Kamis 02 Mar 2023 16:16 WIB

BPIP: Pembinaan Ideologi Pancasila Perlu Lebih Menyasar Generasi Muda

materi pembinaan ideologi Pancasila perlu disajikan lewat konten audio visual

Rep: Febrianto Adi Saputro/ Red: Ichsan Emrald Alamsyah
Direktur Sosialisasi Komunikasi dan Jaringan BPIP, Aris Heru Utomo.Aris Heru Utomo mengaku prihatin dengan tindakan kekerasan yang terjadi di kalangan antaremaja. Aris mengatakan pendekatan pembinaan ideologi Pancasila perlu lebih menyasar kepada generasi muda.
Foto: Dok pribadi
Direktur Sosialisasi Komunikasi dan Jaringan BPIP, Aris Heru Utomo.Aris Heru Utomo mengaku prihatin dengan tindakan kekerasan yang terjadi di kalangan antaremaja. Aris mengatakan pendekatan pembinaan ideologi Pancasila perlu lebih menyasar kepada generasi muda.

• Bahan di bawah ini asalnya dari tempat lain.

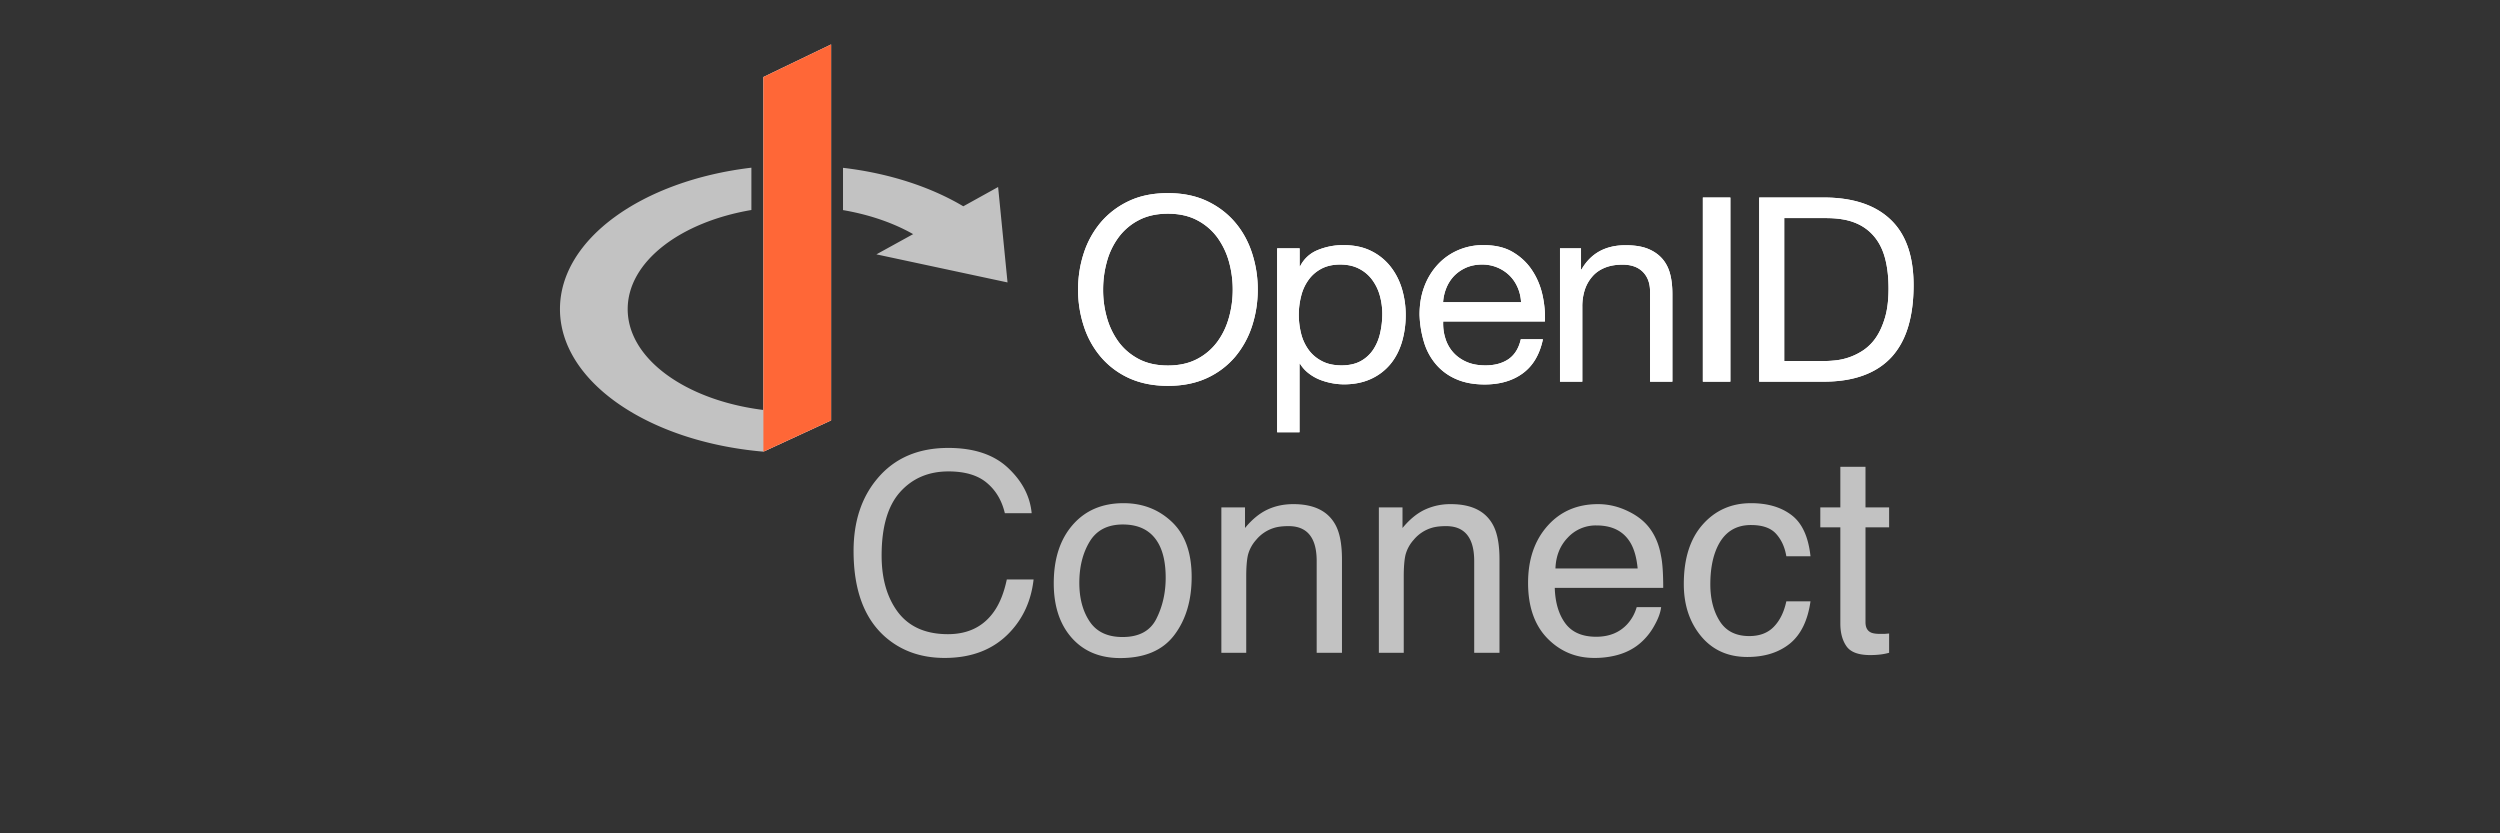 <svg width="147" height="49" viewBox="0 0 147 49" fill="none" xmlns="http://www.w3.org/2000/svg"><rect x="0" y="0" width="147" height="49" fill="#333333" stroke="none"/><path d="M44.887 4.529v22.03l3.983-1.84V2.612l-3.983 1.916zm18.836 10.367a5.4 5.4 0 0 1 .996-1.814 4.886 4.886 0 0 1 1.652-1.257c.657-.313 1.425-.469 2.303-.469.87 0 1.638.156 2.302.469.657.312 1.21.734 1.653 1.257.442.523.774 1.127.995 1.813a6.84 6.84 0 0 1 .332 2.134c0 .74-.11 1.447-.332 2.133a5.415 5.415 0 0 1-.995 1.814 4.785 4.785 0 0 1-1.653 1.25c-.657.305-1.424.462-2.302.462-.872 0-1.64-.157-2.303-.462a4.784 4.784 0 0 1-1.652-1.25 5.29 5.29 0 0 1-.996-1.814 6.856 6.856 0 0 1-.332-2.133c0-.74.11-1.447.332-2.133zm1.355 3.75c.145.53.373 1.005.678 1.433.31.428.705.767 1.189 1.026.484.258 1.058.387 1.729.387.67 0 1.244-.13 1.728-.387a3.448 3.448 0 0 0 1.19-1.026c.31-.428.532-.904.677-1.434a6.08 6.08 0 0 0 .215-1.616 6.12 6.12 0 0 0-.215-1.617 4.506 4.506 0 0 0-.678-1.434 3.45 3.45 0 0 0-1.189-1.025c-.484-.258-1.058-.388-1.728-.388-.671 0-1.245.13-1.729.388a3.45 3.45 0 0 0-1.19 1.025 4.3 4.3 0 0 0-.677 1.434 6.075 6.075 0 0 0-.214 1.617 5.87 5.87 0 0 0 .214 1.616zm11.34-4.043v1.06h.027a1.97 1.97 0 0 1 1.017-.95 3.874 3.874 0 0 1 1.528-.3c.616 0 1.155.109 1.611.333a3.28 3.28 0 0 1 1.141.904c.304.38.532.815.685 1.31a5.35 5.35 0 0 1 .228 1.577 5.57 5.57 0 0 1-.222 1.576c-.152.496-.373.93-.677 1.297a3.207 3.207 0 0 1-1.141.87c-.456.21-.989.32-1.597.32a4.007 4.007 0 0 1-1.376-.259 2.715 2.715 0 0 1-.671-.374 2.074 2.074 0 0 1-.532-.584h-.028v4.035h-1.314V14.603h1.32zm4.716 2.779a2.849 2.849 0 0 0-.45-.93 2.18 2.18 0 0 0-.774-.653c-.311-.163-.685-.244-1.107-.244-.442 0-.816.088-1.127.258-.31.17-.56.394-.753.672a2.711 2.711 0 0 0-.422.951c-.09.354-.132.713-.132 1.074 0 .387.049.754.139 1.114.09.36.242.672.442.95.2.272.464.497.782.66.318.17.705.251 1.154.251.45 0 .83-.088 1.134-.258.305-.17.547-.4.733-.68a2.92 2.92 0 0 0 .401-.97c.083-.368.125-.741.125-1.122 0-.367-.049-.72-.145-1.073zm8.421 4.558c-.594.442-1.348.666-2.254.666-.636 0-1.189-.102-1.66-.306a3.236 3.236 0 0 1-1.181-.849 3.589 3.589 0 0 1-.72-1.304 6.161 6.161 0 0 1-.27-1.651c0-.598.09-1.141.277-1.637a3.88 3.88 0 0 1 .782-1.29 3.51 3.51 0 0 1 1.189-.85 3.663 3.663 0 0 1 1.507-.306c.713 0 1.3.143 1.77.435.47.285.844.652 1.127 1.1.284.442.478.931.588 1.454.11.523.152 1.026.132 1.502H84.86c-.014.346.027.672.124.978.09.305.242.584.45.822.207.238.47.428.788.57.318.143.691.211 1.127.211.553 0 1.01-.129 1.369-.38.352-.252.588-.639.705-1.155h1.3c-.187.883-.574 1.549-1.169 1.99zm-.318-5.034a2.21 2.21 0 0 0-.477-.706 2.287 2.287 0 0 0-1.618-.645c-.338 0-.643.06-.92.176a2.29 2.29 0 0 0-.705.476 2.253 2.253 0 0 0-.463.706c-.11.265-.18.55-.2.856h4.584a2.461 2.461 0 0 0-.2-.863zm3.727-2.303v1.244h.028c.546-.951 1.41-1.427 2.593-1.427.525 0 .961.068 1.314.21.352.143.629.34.85.592.215.251.367.55.457.903.09.347.13.734.13 1.162v5.156h-1.313v-5.306c0-.482-.145-.87-.429-1.155-.29-.285-.684-.42-1.189-.42-.4 0-.747.06-1.044.183-.297.122-.54.292-.733.516a2.242 2.242 0 0 0-.442.781 3.16 3.16 0 0 0-.146.978v4.423h-1.313v-7.84h1.237zm7.164-2.989h1.618v10.829h-1.618V11.614zm7.094 0c1.701 0 3.008.421 3.921 1.277.912.85 1.376 2.14 1.376 3.88 0 .91-.104 1.718-.312 2.418-.207.7-.525 1.29-.954 1.773-.435.482-.982.85-1.652 1.1-.671.252-1.459.38-2.379.38h-3.782V11.615h3.782zm.125 9.613c.165 0 .373-.014.615-.04a3.636 3.636 0 0 0 1.611-.599 2.79 2.79 0 0 0 .733-.74c.214-.313.394-.707.532-1.175.139-.47.208-1.04.208-1.705 0-.646-.062-1.223-.194-1.74-.131-.51-.339-.944-.636-1.304a2.778 2.778 0 0 0-1.134-.822c-.463-.19-1.037-.278-1.715-.278h-2.454v8.403h2.434z" fill="#fff"/><path opacity=".7" d="M36.908 18.176c0-2.778 3.077-5.115 7.274-5.828V9.86c-6.416.761-11.256 4.199-11.256 8.315 0 4.267 5.2 7.8 11.962 8.383v-2.452c-4.55-.564-7.98-3.003-7.98-5.93zm14.625-3.22l7.71 1.651-.554-5.611-2.047 1.134c-1.908-1.134-4.349-1.943-7.073-2.262v2.486c1.666.286 3.16.823 4.356 1.55a2.647 2.647 0 0 0-.235-.136l-2.157 1.188z" fill="#fff"/><path d="M44.887 4.529v22.03l3.983-1.84V2.612l-3.983 1.916z" fill="#FF6737"/><path d="M63.723 14.896a5.4 5.4 0 0 1 .996-1.814 4.886 4.886 0 0 1 1.652-1.257c.657-.313 1.425-.469 2.303-.469.87 0 1.638.156 2.302.469.657.312 1.21.734 1.653 1.257.442.523.774 1.127.995 1.813a6.84 6.84 0 0 1 .332 2.134c0 .74-.11 1.447-.332 2.133a5.415 5.415 0 0 1-.995 1.814 4.785 4.785 0 0 1-1.653 1.25c-.657.305-1.424.462-2.302.462-.872 0-1.64-.157-2.303-.462a4.784 4.784 0 0 1-1.652-1.25 5.29 5.29 0 0 1-.996-1.814 6.856 6.856 0 0 1-.332-2.133c0-.74.11-1.447.332-2.133zm1.355 3.75c.145.53.373 1.005.678 1.433.31.428.705.767 1.189 1.026.484.258 1.058.387 1.729.387.67 0 1.244-.13 1.728-.387a3.448 3.448 0 0 0 1.19-1.026c.31-.428.532-.904.677-1.434a6.08 6.08 0 0 0 .215-1.616 6.12 6.12 0 0 0-.215-1.617 4.506 4.506 0 0 0-.678-1.434 3.45 3.45 0 0 0-1.189-1.025c-.484-.258-1.058-.388-1.728-.388-.671 0-1.245.13-1.729.388a3.45 3.45 0 0 0-1.19 1.025 4.3 4.3 0 0 0-.677 1.434 6.075 6.075 0 0 0-.214 1.617 5.87 5.87 0 0 0 .214 1.616zm11.34-4.043v1.06h.027a1.97 1.97 0 0 1 1.017-.95 3.874 3.874 0 0 1 1.528-.3c.616 0 1.155.109 1.611.333a3.28 3.28 0 0 1 1.141.904c.304.38.532.815.685 1.31a5.35 5.35 0 0 1 .228 1.577 5.57 5.57 0 0 1-.222 1.576c-.152.496-.373.93-.677 1.297a3.207 3.207 0 0 1-1.141.87c-.456.21-.989.32-1.597.32a4.007 4.007 0 0 1-1.376-.259 2.715 2.715 0 0 1-.671-.374 2.074 2.074 0 0 1-.532-.584h-.028v4.035h-1.314V14.603h1.32zm4.716 2.779a2.849 2.849 0 0 0-.45-.93 2.18 2.18 0 0 0-.774-.653c-.311-.163-.685-.244-1.107-.244-.442 0-.816.088-1.127.258-.31.17-.56.394-.753.672a2.711 2.711 0 0 0-.422.951c-.09.354-.132.713-.132 1.074 0 .387.049.754.139 1.114.09.36.242.672.442.95.2.272.464.497.782.66.318.17.705.251 1.154.251.45 0 .83-.088 1.134-.258.305-.17.547-.4.733-.68a2.92 2.92 0 0 0 .401-.97c.083-.368.125-.741.125-1.122 0-.367-.049-.72-.145-1.073zm8.421 4.558c-.594.442-1.348.666-2.254.666-.636 0-1.189-.102-1.66-.306a3.236 3.236 0 0 1-1.181-.849 3.589 3.589 0 0 1-.72-1.304 6.161 6.161 0 0 1-.27-1.651c0-.598.09-1.141.277-1.637a3.88 3.88 0 0 1 .782-1.29 3.51 3.51 0 0 1 1.189-.85 3.663 3.663 0 0 1 1.507-.306c.713 0 1.3.143 1.77.435.47.285.844.652 1.127 1.1.284.442.478.931.588 1.454.11.523.152 1.026.132 1.502H84.86c-.014.346.027.672.124.978.09.305.242.584.45.822.207.238.47.428.788.57.318.143.691.211 1.127.211.553 0 1.01-.129 1.369-.38.352-.252.588-.639.705-1.155h1.3c-.187.883-.574 1.549-1.169 1.99zm-.318-5.034a2.21 2.21 0 0 0-.477-.706 2.287 2.287 0 0 0-1.618-.645c-.338 0-.643.06-.92.176a2.29 2.29 0 0 0-.705.476 2.253 2.253 0 0 0-.463.706c-.11.265-.18.55-.2.856h4.584a2.461 2.461 0 0 0-.2-.863zm3.727-2.303v1.244h.028c.546-.951 1.41-1.427 2.593-1.427.525 0 .961.068 1.314.21.352.143.629.34.85.592.215.251.367.55.457.903.09.347.13.734.13 1.162v5.156h-1.313v-5.306c0-.482-.145-.87-.429-1.155-.29-.285-.684-.42-1.189-.42-.4 0-.747.06-1.044.183-.297.122-.54.292-.733.516a2.242 2.242 0 0 0-.442.781 3.16 3.16 0 0 0-.146.978v4.423h-1.313v-7.84h1.237zm7.164-2.989h1.618v10.829h-1.618V11.614zm7.094 0c1.701 0 3.008.421 3.921 1.277.912.85 1.376 2.14 1.376 3.88 0 .91-.104 1.718-.312 2.418-.207.7-.525 1.29-.954 1.773-.435.482-.982.85-1.652 1.1-.671.252-1.459.38-2.379.38h-3.782V11.615h3.782zm.125 9.613c.165 0 .373-.014.615-.04a3.636 3.636 0 0 0 1.611-.599 2.79 2.79 0 0 0 .733-.74c.214-.313.394-.707.532-1.175.139-.47.208-1.04.208-1.705 0-.646-.062-1.223-.194-1.74-.131-.51-.339-.944-.636-1.304a2.778 2.778 0 0 0-1.134-.822c-.463-.19-1.037-.278-1.715-.278h-2.454v8.403h2.434z" fill="#fff"/><path d="M55.754 26.338c1.512 0 2.684.391 3.518 1.174.834.782 1.297 1.67 1.39 2.665h-1.577c-.178-.755-.536-1.354-1.072-1.796-.53-.441-1.278-.662-2.242-.662-1.176 0-2.126.407-2.852 1.221-.72.809-1.08 2.051-1.08 3.728 0 1.373.325 2.487.974 3.344.656.851 1.63 1.277 2.925 1.277 1.192 0 2.099-.45 2.722-1.349.33-.473.577-1.096.74-1.867h1.575c-.14 1.234-.606 2.269-1.397 3.104-.948 1.006-2.226 1.509-3.835 1.509-1.386 0-2.55-.413-3.493-1.237-1.24-1.091-1.86-2.775-1.86-5.053 0-1.73.465-3.147 1.397-4.254 1.007-1.203 2.396-1.804 4.167-1.804zm10.253 11.119c.97 0 1.633-.36 1.99-1.078.363-.723.545-1.527.545-2.41 0-.799-.13-1.448-.39-1.948-.412-.787-1.121-1.181-2.129-1.181-.893 0-1.543.335-1.95 1.006-.406.67-.609 1.479-.609 2.426 0 .91.203 1.668.61 2.275.406.606 1.05.91 1.933.91zm.057-7.87c1.121 0 2.069.367 2.843 1.101.775.735 1.162 1.815 1.162 3.24 0 1.379-.341 2.518-1.023 3.417-.683.9-1.742 1.349-3.177 1.349-1.197 0-2.148-.397-2.852-1.19-.704-.798-1.056-1.867-1.056-3.208 0-1.437.371-2.58 1.113-3.432.742-.852 1.739-1.277 2.99-1.277zm5.752.247h1.39v1.213c.41-.5.847-.859 1.307-1.077.46-.218.972-.327 1.536-.327 1.234 0 2.069.423 2.502 1.269.238.463.357 1.125.357 1.987v5.484h-1.487v-5.388c0-.522-.078-.942-.235-1.261-.26-.532-.731-.798-1.414-.798-.346 0-.63.034-.853.103a2.2 2.2 0 0 0-1.056.703 2.142 2.142 0 0 0-.48.878c-.07.298-.105.726-.105 1.285v4.478h-1.462v-8.549zm9.261 0h1.39v1.213c.411-.5.847-.859 1.308-1.077a3.54 3.54 0 0 1 1.535-.327c1.235 0 2.069.423 2.502 1.269.239.463.358 1.125.358 1.987v5.484h-1.487v-5.388c0-.522-.079-.942-.236-1.261-.26-.532-.73-.798-1.413-.798-.347 0-.631.034-.853.103a2.2 2.2 0 0 0-1.056.703 2.142 2.142 0 0 0-.48.878c-.07.298-.105.726-.105 1.285v4.478h-1.463v-8.549zm12.885-.191c.618 0 1.216.143 1.796.43.58.283 1.02.65 1.324 1.102.293.431.487.934.585 1.509.087.393.13 1.021.13 1.883H91.42c.026.868.235 1.565.625 2.091.39.522.994.783 1.812.783.763 0 1.373-.248 1.828-.742.26-.288.444-.62.552-.998h1.438c-.038.314-.165.665-.382 1.053a3.69 3.69 0 0 1-.715.942c-.444.426-.994.713-1.649.862a5.1 5.1 0 0 1-1.194.128c-1.083 0-2.001-.386-2.754-1.157-.753-.777-1.13-1.863-1.13-3.257 0-1.373.38-2.488 1.138-3.344.758-.857 1.75-1.285 2.973-1.285zm2.332 3.783c-.06-.623-.198-1.12-.414-1.493-.401-.691-1.07-1.037-2.007-1.037a2.24 2.24 0 0 0-1.69.718c-.455.474-.696 1.078-.723 1.812h4.834zm6.662-3.839c.98 0 1.776.234 2.388.702.618.468.989 1.274 1.113 2.419h-1.421c-.087-.527-.285-.964-.594-1.31-.308-.35-.804-.526-1.486-.526-.932 0-1.598.447-1.999 1.34-.26.58-.39 1.296-.39 2.148 0 .857.184 1.578.553 2.163.368.585.948.878 1.738.878.607 0 1.086-.181 1.438-.543.358-.367.604-.867.74-1.5h1.421c-.162 1.133-.568 1.963-1.218 2.49-.65.521-1.482.782-2.494.782-1.138 0-2.045-.407-2.722-1.221-.677-.82-1.016-1.841-1.016-3.065 0-1.5.371-2.669 1.113-3.504.742-.836 1.688-1.253 2.836-1.253zm5.256-2.139h1.479v2.386h1.389v1.174h-1.389v5.579c0 .298.103.497.308.598.114.059.304.088.569.088h.228a7.27 7.27 0 0 0 .284-.024v1.134a3.312 3.312 0 0 1-.528.103 4.969 4.969 0 0 1-.585.032c-.683 0-1.146-.17-1.389-.51-.244-.346-.366-.793-.366-1.342v-5.658h-1.178v-1.174h1.178v-2.386z" opacity=".7" fill="#fff"/></svg>

REPUBLIKA.CO.ID, SLEMAN -- Direktur Pengkajian Materi Pembinaan Ideologi Pancasila Badan Pembinaan Ideologi Pancasila (BPIP), Aris Heru Utomo mengaku prihatin dengan tindakan kekerasan yang terjadi di kalangan antaremaja. Aris mengatakan pendekatan pembinaan ideologi Pancasila perlu lebih menyasar kepada generasi muda.

"Jadi memang targetnya sebetulnya adalah generasi muda, karena kan generasi muda ini paling tidak sekitar 149 juta nih kalau itu diabaikan saya pikir kita akan sulit menyasar,  apalagi mereka ini harapan masa depan indonesia , pemimpin masa depan Indonesia, jadi kami kedepan ke sana," kata Aris saat ditemui wartawan di Kantor Bupati Sleman, Kamis (2/3).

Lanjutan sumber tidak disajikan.